Its the stakeholders that decide if a change is a success or failure. No matter how hard the change team plan a change, nor how creatively the team designs a change; if the stakeholders don’t buy in the change will not happen. Prosci are collecting data for their next research survey of organisations. To promote the research they have released a few facts from their previous research survey in 2011. The facts can be characterised in two areas:
- Dealing with stakeholders
- The problems of doing change management
This blog explores the stakeholders and their importance identified by the research.
Change saturation
In 2011 73% of respondents reported they were near or at the point of saturation in change; in 2009 the figure was 66%. So more organisations are trying to do more change than ever before. What is also clear from the survey is that change is no more effective (nor less effective) than before. Once an organisation reaches saturation (or close to it) the effectiveness of all change drops off significantly and change becomes very inefficient. That is a well known phenomena in a lot of systems. The consequence is that the organisation is unable to carry out the change it needs to survive and slowly, but inevitably, declines into oblivion. Does that sound familiar?

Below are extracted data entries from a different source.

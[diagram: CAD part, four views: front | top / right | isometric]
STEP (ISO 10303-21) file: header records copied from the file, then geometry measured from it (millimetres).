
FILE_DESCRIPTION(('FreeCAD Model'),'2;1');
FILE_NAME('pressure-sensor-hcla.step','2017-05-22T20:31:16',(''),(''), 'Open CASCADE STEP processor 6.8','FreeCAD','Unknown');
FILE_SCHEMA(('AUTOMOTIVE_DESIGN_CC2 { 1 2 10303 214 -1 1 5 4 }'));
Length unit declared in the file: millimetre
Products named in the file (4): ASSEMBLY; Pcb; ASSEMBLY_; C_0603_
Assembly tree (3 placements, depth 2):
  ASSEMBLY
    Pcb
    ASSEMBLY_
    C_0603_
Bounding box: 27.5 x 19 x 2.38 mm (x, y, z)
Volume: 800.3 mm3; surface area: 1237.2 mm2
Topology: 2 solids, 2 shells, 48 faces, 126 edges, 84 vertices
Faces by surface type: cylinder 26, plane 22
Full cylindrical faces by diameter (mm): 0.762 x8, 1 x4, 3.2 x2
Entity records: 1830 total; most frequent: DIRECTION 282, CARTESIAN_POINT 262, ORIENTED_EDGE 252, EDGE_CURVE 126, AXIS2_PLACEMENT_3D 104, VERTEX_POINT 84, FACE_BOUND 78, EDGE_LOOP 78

Its the stakeholders that are saturated. How can we save them, and their organisation? The answer is incredibly simple: prioritise and control change so that only the most important (not the most urgent) is carried out. Fully resource the change you do make to ensure the best chance of success. The resourcing of change is one of the key parameters controlling how much change to allow. Impose a change control board across the whole organisation.
Explain why
In 2011 the most important message to communicate and share with employees was the reason for the change. In other words communicate to motivate. A lot of change communication is about the change and its minutiae. What most employees want to know from the start is why, not how, or what, or when. This is the role of the Vision (captured in a statement if appropriate). A well constructed Vision used effectively by all of the change team, and especially the sponsor, will bring both consistency and motivation to stakeholders.

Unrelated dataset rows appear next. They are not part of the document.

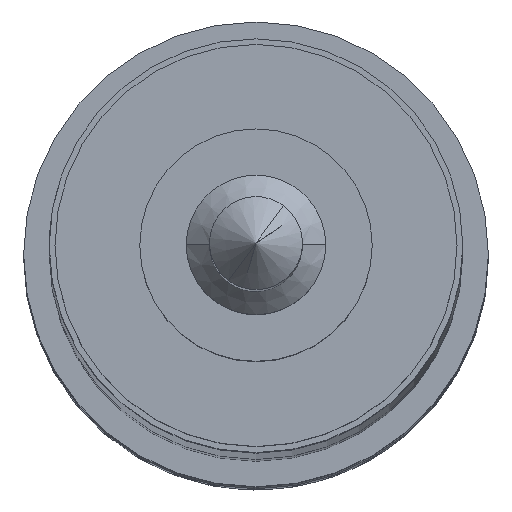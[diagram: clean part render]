
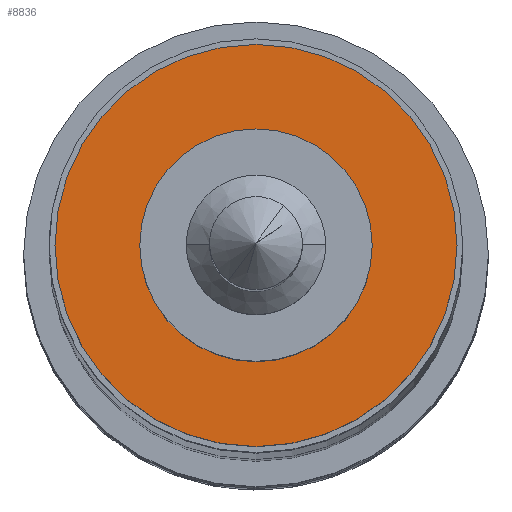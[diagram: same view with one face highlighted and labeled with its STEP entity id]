
A CAD part, top view. The second image highlights one B-rep face of the part: STEP entity #8836.
In plain terms, the highlighted planar face has unit normal (0, 0, 1).
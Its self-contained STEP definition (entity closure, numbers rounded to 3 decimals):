
#186 = DIRECTION ( 'NONE',  ( -1., 0., 0. ) ) ;
#253 = CIRCLE ( 'NONE', #9303, 0.865 ) ;
#491 = CARTESIAN_POINT ( 'NONE',  ( 0., 0., 23. ) ) ;
#669 = ORIENTED_EDGE ( 'NONE', *, *, #1284, .T. ) ;
#895 = CARTESIAN_POINT ( 'NONE',  ( -0.865, 0., 23. ) ) ;
#913 = DIRECTION ( 'NONE',  ( 1., 0., 0. ) ) ;
#1284 = EDGE_CURVE ( 'NONE', #6857, #9485, #2463, .T. ) ;
#1322 = DIRECTION ( 'NONE',  ( -1., 0., 0. ) ) ;
#1540 = FACE_OUTER_BOUND ( 'NONE', #3655, .T. ) ;
#2036 = DIRECTION ( 'NONE',  ( 0., 0., 1. ) ) ;
#2463 = CIRCLE ( 'NONE', #9305, 0.865 ) ;
#3396 = DIRECTION ( 'NONE',  ( 0., 0., 1. ) ) ;
#3646 = CARTESIAN_POINT ( 'NONE',  ( 0., 0., 23. ) ) ;
#3655 = EDGE_LOOP ( 'NONE', ( #669, #6331 ) ) ;
#3982 = CARTESIAN_POINT ( 'NONE',  ( 0.865, 0., 23. ) ) ;
#4112 = EDGE_CURVE ( 'NONE', #10056, #7783, #8337, .T. ) ;
#4468 = DIRECTION ( 'NONE',  ( -1., 0., 0. ) ) ;
#5071 = AXIS2_PLACEMENT_3D ( 'NONE', #3646, #9345, #4468 ) ;
#5121 = DIRECTION ( 'NONE',  ( 0., 0., -1. ) ) ;
#5203 = EDGE_CURVE ( 'NONE', #7783, #10056, #9212, .T. ) ;
#6208 = AXIS2_PLACEMENT_3D ( 'NONE', #491, #6248, #1322 ) ;
#6248 = DIRECTION ( 'NONE',  ( 0., 0., 1. ) ) ;
#6331 = ORIENTED_EDGE ( 'NONE', *, *, #8983, .T. ) ;
#6857 = VERTEX_POINT ( 'NONE', #3982 ) ;
#6975 = CARTESIAN_POINT ( 'NONE',  ( 0., 0., 23. ) ) ;
#7217 = CARTESIAN_POINT ( 'NONE',  ( -0.5, 0., 23. ) ) ;
#7747 = CARTESIAN_POINT ( 'NONE',  ( 0.5, 0., 23. ) ) ;
#7763 = DIRECTION ( 'NONE',  ( 1., 0., 0. ) ) ;
#7783 = VERTEX_POINT ( 'NONE', #7217 ) ;
#7808 = FACE_BOUND ( 'NONE', #9423, .T. ) ;
#7970 = ORIENTED_EDGE ( 'NONE', *, *, #4112, .F. ) ;
#8247 = CARTESIAN_POINT ( 'NONE',  ( 0., 0., 23. ) ) ;
#8316 = PLANE ( 'NONE',  #8740 ) ;
#8337 = CIRCLE ( 'NONE', #6208, 0.5 ) ;
#8486 = ORIENTED_EDGE ( 'NONE', *, *, #5203, .F. ) ;
#8740 = AXIS2_PLACEMENT_3D ( 'NONE', #9987, #5121, #186 ) ;
#8836 = ADVANCED_FACE ( 'NONE', ( #7808, #1540 ), #8316, .F. ) ;
#8983 = EDGE_CURVE ( 'NONE', #9485, #6857, #253, .T. ) ;
#9212 = CIRCLE ( 'NONE', #5071, 0.5 ) ;
#9303 = AXIS2_PLACEMENT_3D ( 'NONE', #6975, #2036, #7763 ) ;
#9305 = AXIS2_PLACEMENT_3D ( 'NONE', #8247, #3396, #913 ) ;
#9345 = DIRECTION ( 'NONE',  ( 0., 0., 1. ) ) ;
#9423 = EDGE_LOOP ( 'NONE', ( #8486, #7970 ) ) ;
#9485 = VERTEX_POINT ( 'NONE', #895 ) ;
#9987 = CARTESIAN_POINT ( 'NONE',  ( 0., 0.205, 23. ) ) ;
#10056 = VERTEX_POINT ( 'NONE', #7747 ) ;
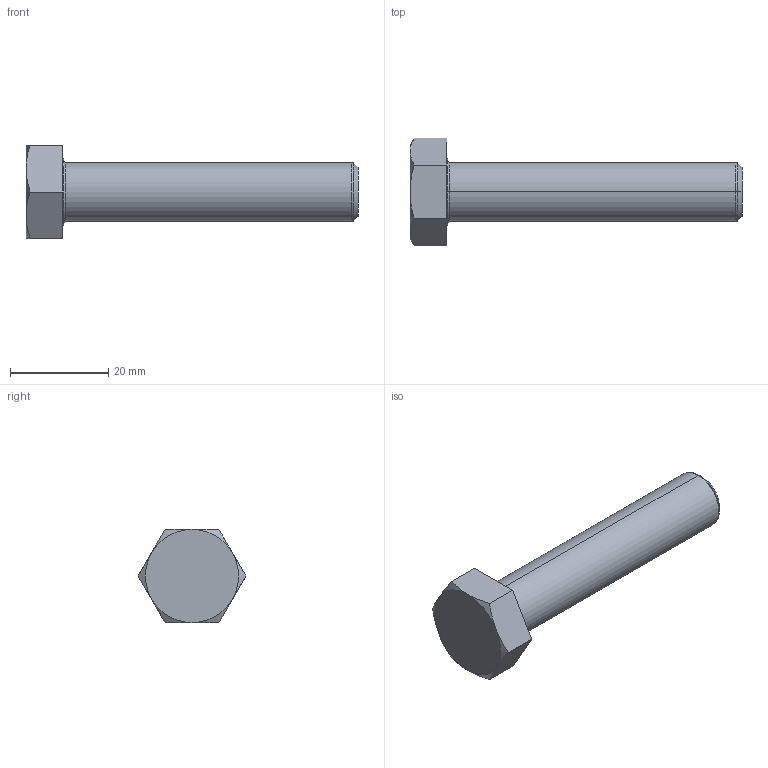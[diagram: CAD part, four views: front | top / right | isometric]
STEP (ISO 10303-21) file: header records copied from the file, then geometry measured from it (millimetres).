
FILE_DESCRIPTION (( 'STEP AP214' ), '1' );
FILE_NAME ('3156794.stp', '2019-01-16T08:56:03', ( '' ), ( '' ), 'SwSTEP 2.0', 'SolidWorks 2018', '' );
FILE_SCHEMA (( 'AUTOMOTIVE_DESIGN' ));
Length unit declared in the file: millimetre
Products named in the file (1): 3156794
Bounding box: 67.68 x 21.94 x 19 mm (x, y, z)
Volume: 9135.4 mm3; surface area: 3342.3 mm2
Topology: 1 solids, 1 shells, 26 faces, 54 edges, 32 vertices
Faces by surface type: plane 10, cone 8, torus 4, cylinder 4
Entity records: 790 total; most frequent: CARTESIAN_POINT 185, DIRECTION 120, ORIENTED_EDGE 108, EDGE_CURVE 54, AXIS2_PLACEMENT_3D 51, VERTEX_POINT 32, EDGE_LOOP 28, ADVANCED_FACE 26

An effective vision needs to contain emotion and use emotive language. People will not change unless they have energy. Humans get energy from emotions so change involves stirring up emotions. Sometimes the emotions go negative; mostly they are positive; either way emotion is an essential ingredient of a successful change. Learn to love it! See our qualification on Vision and Blueprint for more.
The most important message in 2011 to managers and executives was about their role and expectations of their behaviour during change. In effect their leadership. Most managers don’t know how to support change for success; nor do they understand their power to destroy change by their behaviour. The role of managers and executives is spelled out in the programme management method. See our introductory course. One of the strongest arguments for having a parallel change team alongside line management to deliver change is the problem of getting all of the line managers aligned and promoting the change effectively.
Change one person at a time
A quote from Virginia Satir (a psychotherapist, author on change, and early developer of NLP) says “you change an organisation one person at a time”. So it is important to track individual change. Yet in 2011 less than half of the organisations surveyed by Prosci were measuring whether change was occurring at the individual level. The most common methods of tracking individual change was feedback and performance tracking. We have already argued that performance monitoring is an essential part of effective change. It provides the raw data for tracking change and finding the pockets of resistance and lack of progress.
If you can’t measure it you can’t manage it. So the basis of change management has to be measurement of change.